PROBLEM DETAILS — Without any images, output the records below verbatim.

EXERCISE INPUTS —
- - - - -
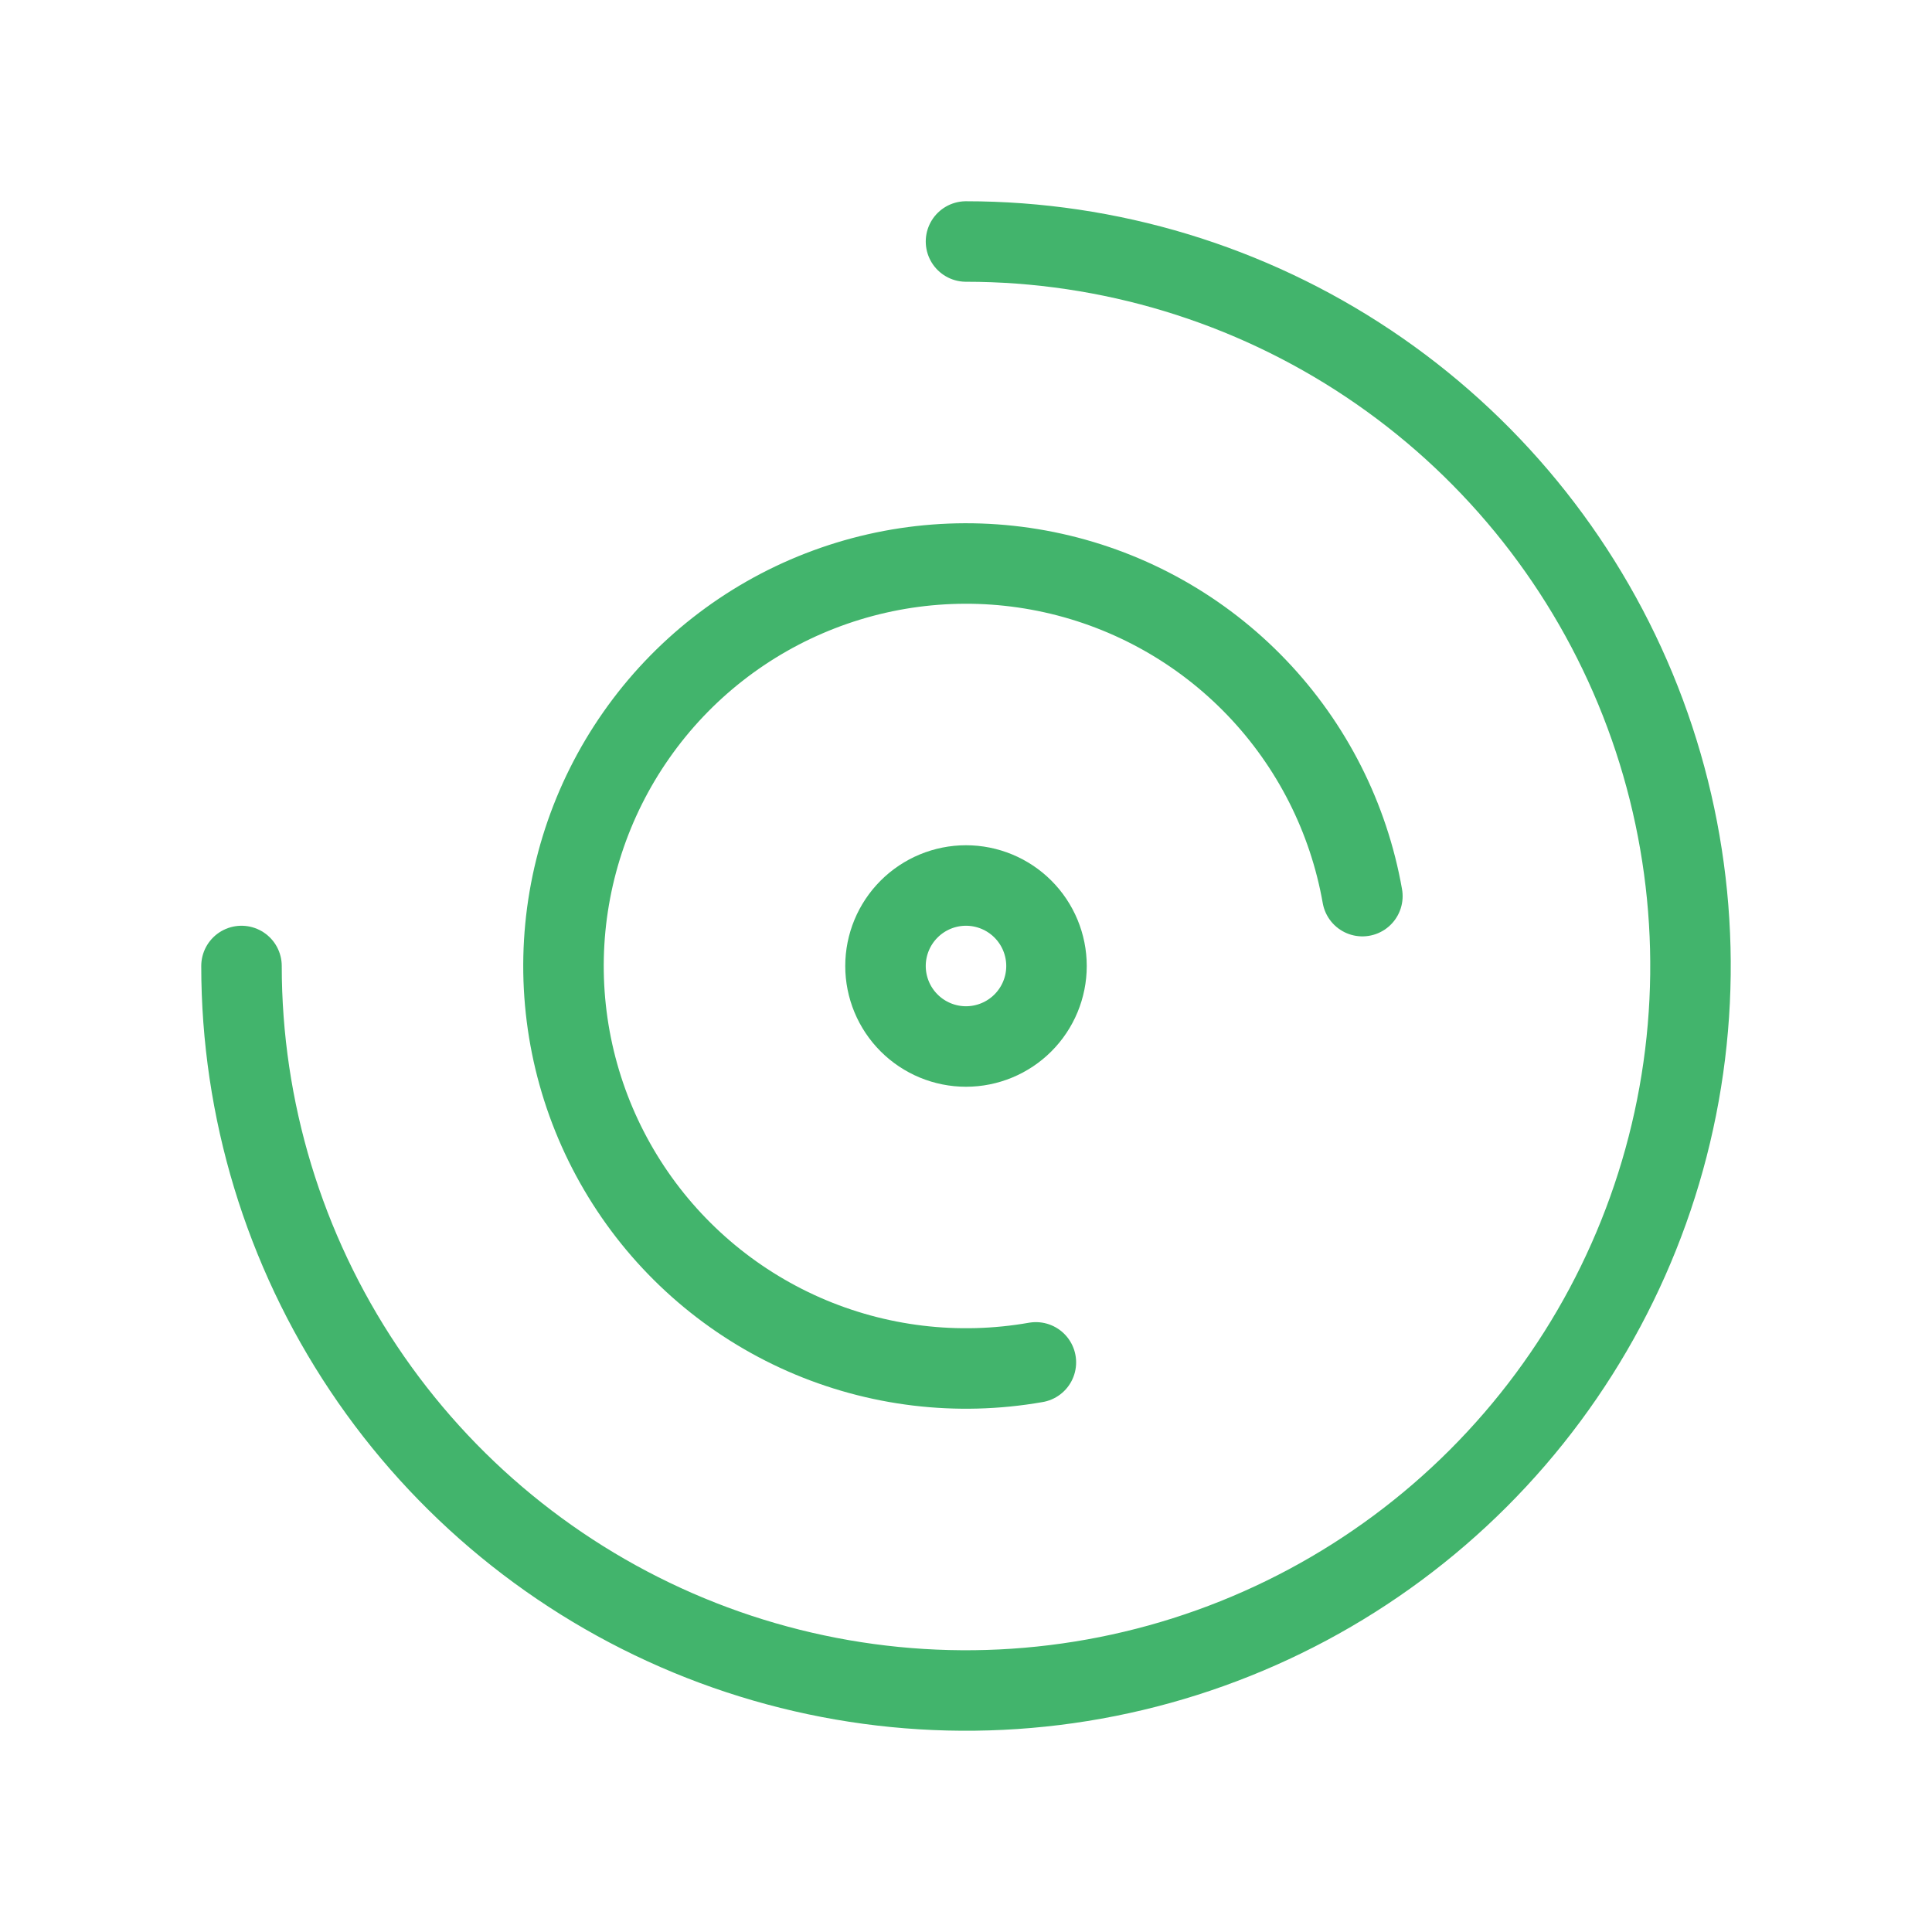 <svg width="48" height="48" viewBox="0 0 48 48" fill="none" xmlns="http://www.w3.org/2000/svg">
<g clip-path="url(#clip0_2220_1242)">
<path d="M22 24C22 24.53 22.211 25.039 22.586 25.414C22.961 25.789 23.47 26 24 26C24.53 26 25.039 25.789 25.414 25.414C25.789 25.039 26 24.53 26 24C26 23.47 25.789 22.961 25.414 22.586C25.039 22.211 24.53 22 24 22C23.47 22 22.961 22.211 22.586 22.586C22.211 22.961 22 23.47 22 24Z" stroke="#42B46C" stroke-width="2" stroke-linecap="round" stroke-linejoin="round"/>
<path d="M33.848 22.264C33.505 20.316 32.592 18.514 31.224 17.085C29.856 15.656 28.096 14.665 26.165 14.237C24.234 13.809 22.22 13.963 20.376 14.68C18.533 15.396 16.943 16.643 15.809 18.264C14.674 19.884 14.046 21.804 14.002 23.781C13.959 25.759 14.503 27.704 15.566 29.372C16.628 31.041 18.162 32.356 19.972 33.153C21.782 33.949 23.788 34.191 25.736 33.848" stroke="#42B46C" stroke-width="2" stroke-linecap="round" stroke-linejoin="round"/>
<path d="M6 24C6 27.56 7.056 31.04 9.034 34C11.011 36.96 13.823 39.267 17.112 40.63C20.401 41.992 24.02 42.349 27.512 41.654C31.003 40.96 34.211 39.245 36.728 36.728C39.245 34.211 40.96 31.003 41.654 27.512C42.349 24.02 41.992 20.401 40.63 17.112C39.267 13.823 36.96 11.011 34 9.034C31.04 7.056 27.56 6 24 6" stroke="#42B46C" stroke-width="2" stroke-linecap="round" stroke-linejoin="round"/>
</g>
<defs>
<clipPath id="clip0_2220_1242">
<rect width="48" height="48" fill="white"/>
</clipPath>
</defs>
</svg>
- - - - -
YOUR SOLUTION —
 <svg width="48" height="48" viewBox="0 0 48 48" fill="none" xmlns="http://www.w3.org/2000/svg">
<g clip-path="url(#clip0_2220_1242)">
<path d="M22 24C22 24.53 22.211 25.039 22.586 25.414C22.961 25.789 23.47 26 24 26C24.53 26 25.039 25.789 25.414 25.414C25.789 25.039 26 24.53 26 24C26 23.47 25.789 22.961 25.414 22.586C25.039 22.211 24.53 22 24 22C23.47 22 22.961 22.211 22.586 22.586C22.211 22.961 22 23.47 22 24Z" stroke="#42B46C" stroke-width="2" stroke-linecap="round" stroke-linejoin="round"/>
<path d="M33.848 22.264C33.505 20.316 32.592 18.514 31.224 17.085C29.856 15.656 28.096 14.665 26.165 14.237C24.234 13.809 22.22 13.963 20.376 14.68C18.533 15.396 16.943 16.643 15.809 18.264C14.674 19.884 14.046 21.804 14.002 23.781C13.959 25.759 14.503 27.704 15.566 29.372C16.628 31.041 18.162 32.356 19.972 33.153C21.782 33.949 23.788 34.191 25.736 33.848" stroke="#42B46C" stroke-width="2" stroke-linecap="round" stroke-linejoin="round"/>
<path d="M6 24C6 27.56 7.056 31.04 9.034 34C11.011 36.96 13.823 39.267 17.112 40.63C20.401 41.992 24.02 42.349 27.512 41.654C31.003 40.96 34.211 39.245 36.728 36.728C39.245 34.211 40.96 31.003 41.654 27.512C42.349 24.02 41.992 20.401 40.63 17.112C39.267 13.823 36.96 11.011 34 9.034C31.04 7.056 27.56 6 24 6" stroke="#42B46C" stroke-width="2" stroke-linecap="round" stroke-linejoin="round"/>
</g>
<defs>
<clipPath id="clip0_2220_1242">
<rect width="48" height="48" fill="white"/>
</clipPath>
</defs>
</svg>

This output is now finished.